[Items from a dataset]
= = = = = = =

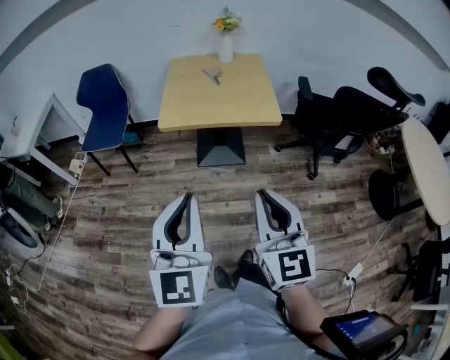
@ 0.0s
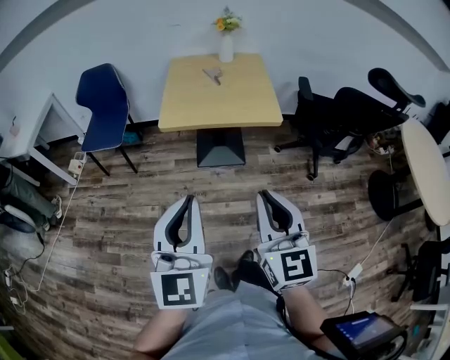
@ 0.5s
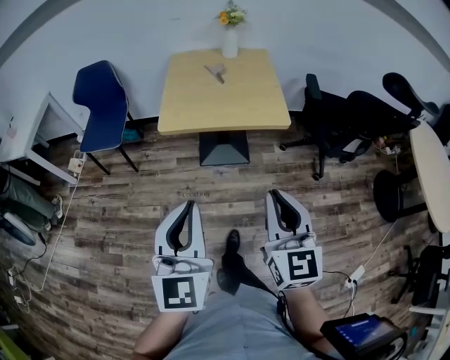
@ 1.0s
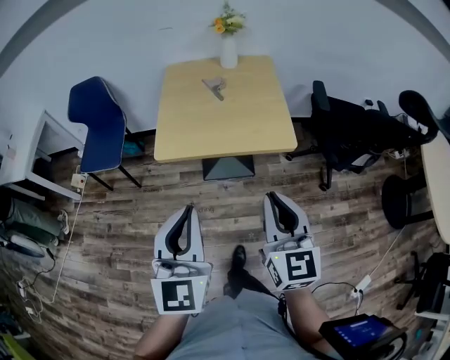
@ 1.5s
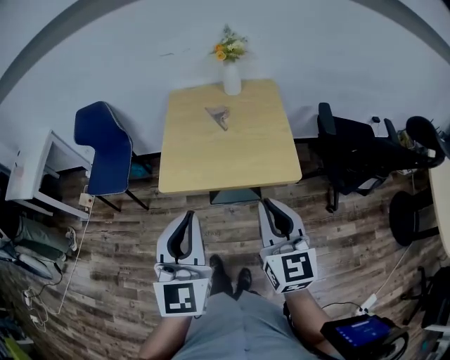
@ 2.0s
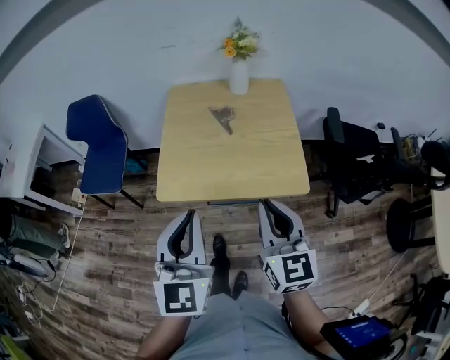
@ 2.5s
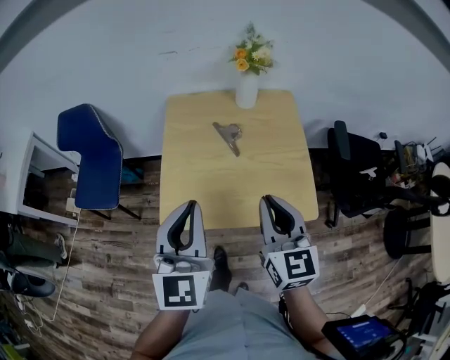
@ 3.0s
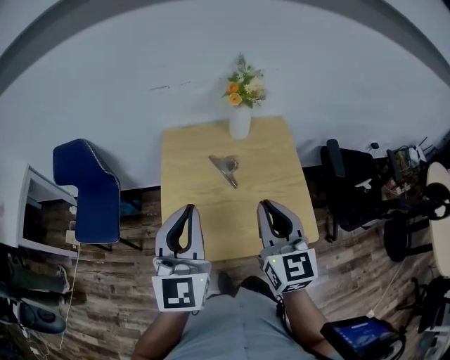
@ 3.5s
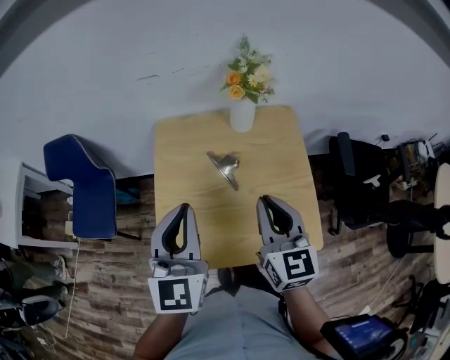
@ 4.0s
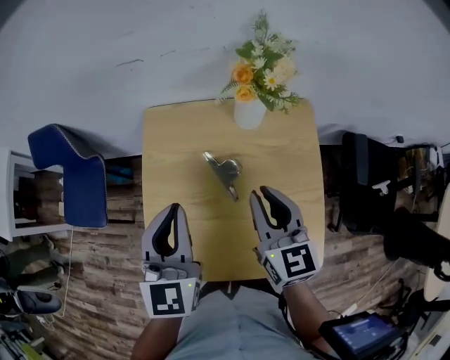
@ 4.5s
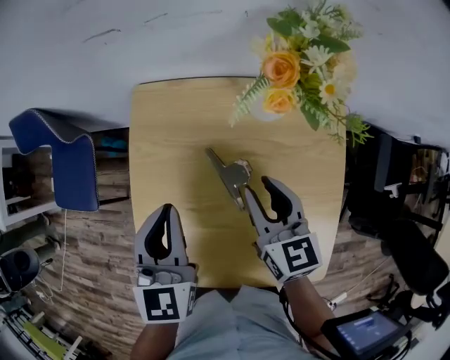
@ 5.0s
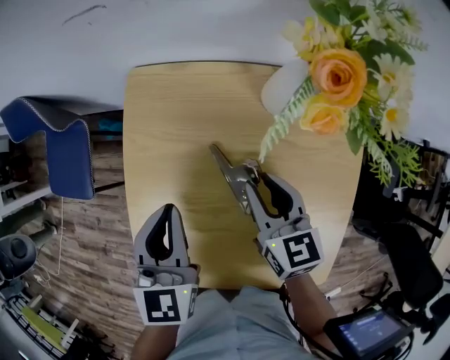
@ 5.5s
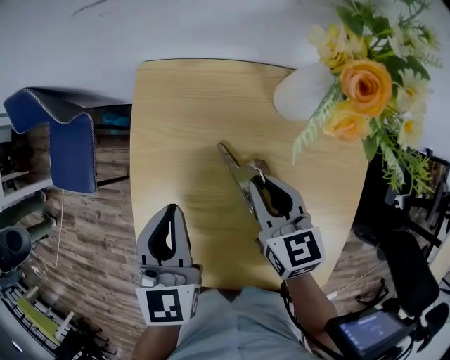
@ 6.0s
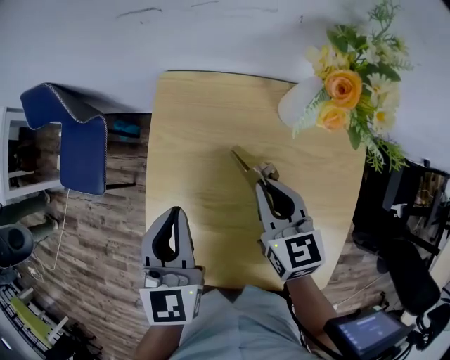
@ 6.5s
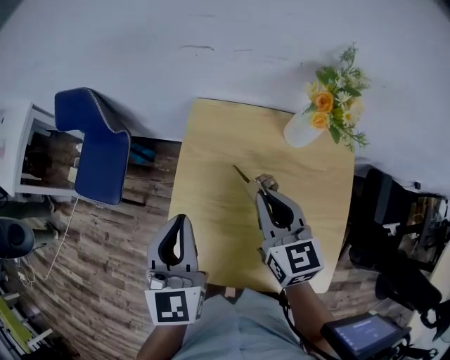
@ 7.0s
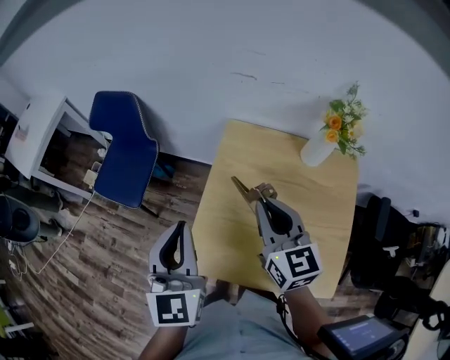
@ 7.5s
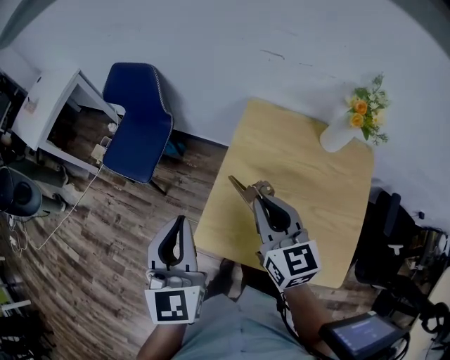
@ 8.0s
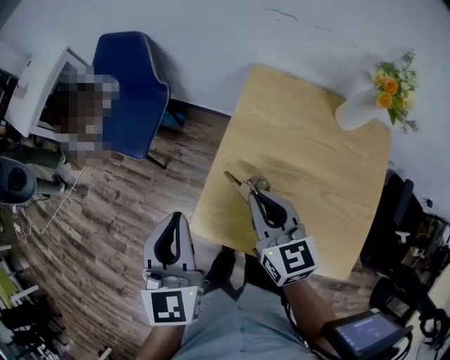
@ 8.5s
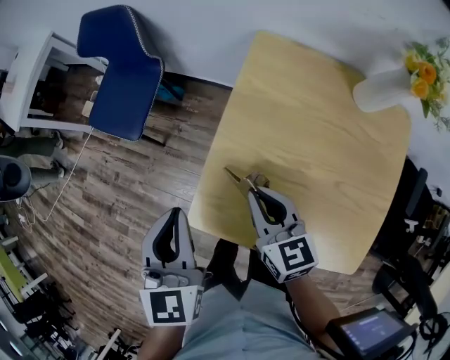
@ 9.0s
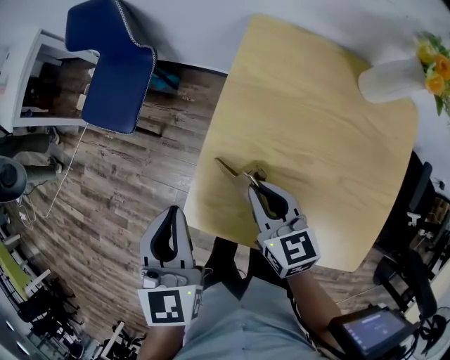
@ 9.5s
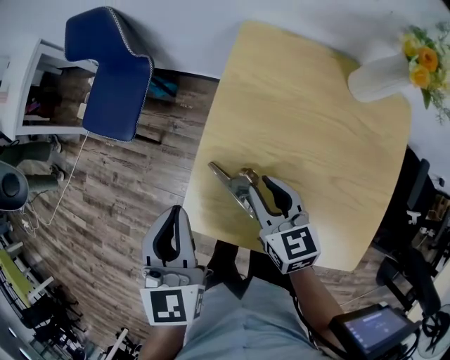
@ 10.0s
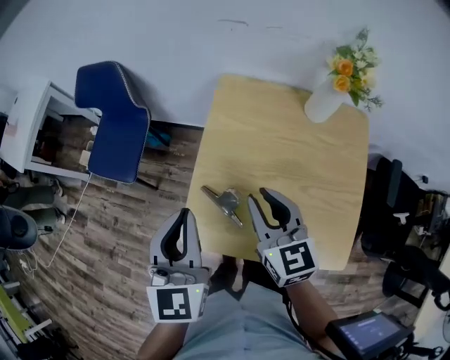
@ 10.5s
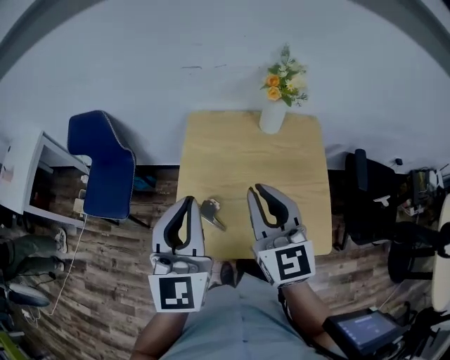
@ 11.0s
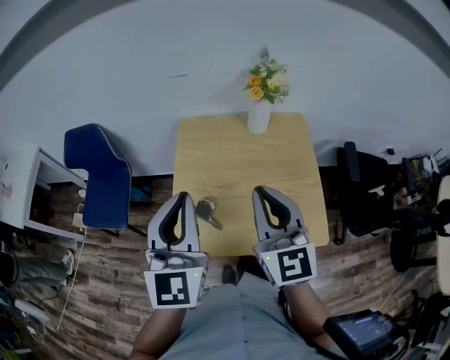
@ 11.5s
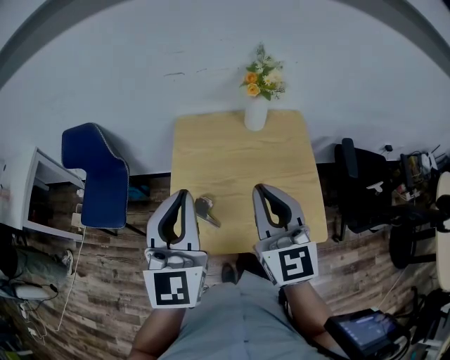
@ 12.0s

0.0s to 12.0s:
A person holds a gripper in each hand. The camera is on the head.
0.0s to 2.0s: The two grippers go roughly 30 cm forward.
2.0s to 4.0s: Both grippers travel together forward, approximately 40 cm.
4.0s to 6.0s: Both grippers move downward and forward, about 30 cm. The right gripper changes its angle by about 30 degrees. Meanwhile the left gripper changes its angle by some 30 degrees.
6.0s to 8.0s: The grippers both shift to the left, upward and backward by approximately 35 cm. The right gripper rotates about 20 degrees, while the left gripper turns by some 20 degrees.
8.0s to 10.0s: The grippers both shift downward by approximately 15 cm.
10.0s to 12.0s: Both grippers move upward, about 25 cm. The left gripper tilts its fingers some 30 degrees upward. The right gripper turns by approximately 50 degrees.

= = = = = = =

* _Exercise objective_: Your task is to set down the records shown above exactly, minus any pictures.

* _Your solution_:
@ 0.0s
@ 0.5s
@ 1.0s
@ 1.5s
@ 2.0s
@ 2.5s
@ 3.0s
@ 3.5s
@ 4.0s
@ 4.5s
@ 5.0s
@ 5.5s
@ 6.0s
@ 6.5s
@ 7.0s
@ 7.5s
@ 8.0s
@ 8.5s
@ 9.0s
@ 9.5s
@ 10.0s
@ 10.5s
@ 11.0s
@ 11.5s
@ 12.0s

0.0s to 12.0s:
A person holds a gripper in each hand. The camera is on the head.
0.0s to 2.0s: The two grippers go roughly 30 cm forward.
2.0s to 4.0s: Both grippers travel together forward, approximately 40 cm.
4.0s to 6.0s: Both grippers move downward and forward, about 30 cm. The right gripper changes its angle by about 30 degrees. Meanwhile the left gripper changes its angle by some 30 degrees.
6.0s to 8.0s: The grippers both shift to the left, upward and backward by approximately 35 cm. The right gripper rotates about 20 degrees, while the left gripper turns by some 20 degrees.
8.0s to 10.0s: The grippers both shift downward by approximately 15 cm.
10.0s to 12.0s: Both grippers move upward, about 25 cm. The left gripper tilts its fingers some 30 degrees upward. The right gripper turns by approximately 50 degrees.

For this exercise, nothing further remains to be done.